For each line below that includes the word "shows", make a copy.

▸ Dataset extract
......

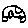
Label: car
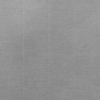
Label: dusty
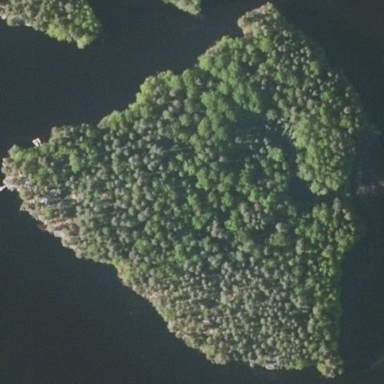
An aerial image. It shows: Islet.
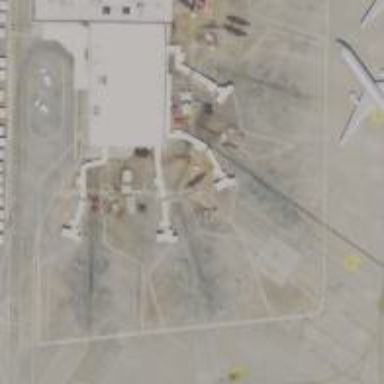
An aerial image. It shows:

......

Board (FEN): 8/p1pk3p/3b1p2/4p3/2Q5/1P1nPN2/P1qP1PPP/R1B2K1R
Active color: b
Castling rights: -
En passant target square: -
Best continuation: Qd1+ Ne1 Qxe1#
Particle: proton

......

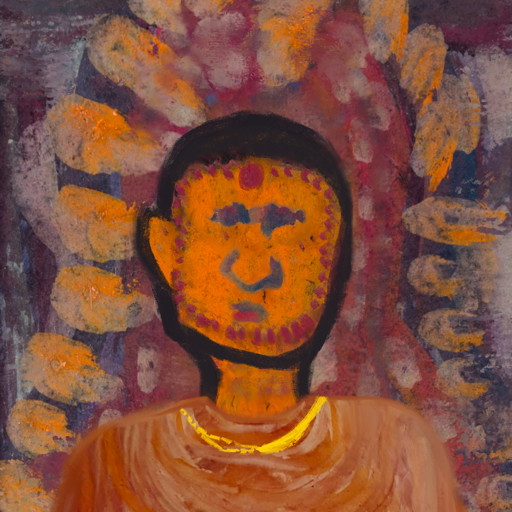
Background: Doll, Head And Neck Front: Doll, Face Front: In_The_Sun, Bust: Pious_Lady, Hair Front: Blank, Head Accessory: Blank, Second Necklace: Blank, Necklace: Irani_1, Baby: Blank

......

▸ Exercise solution
An aerial image. It shows: Islet.
An aerial image. It shows:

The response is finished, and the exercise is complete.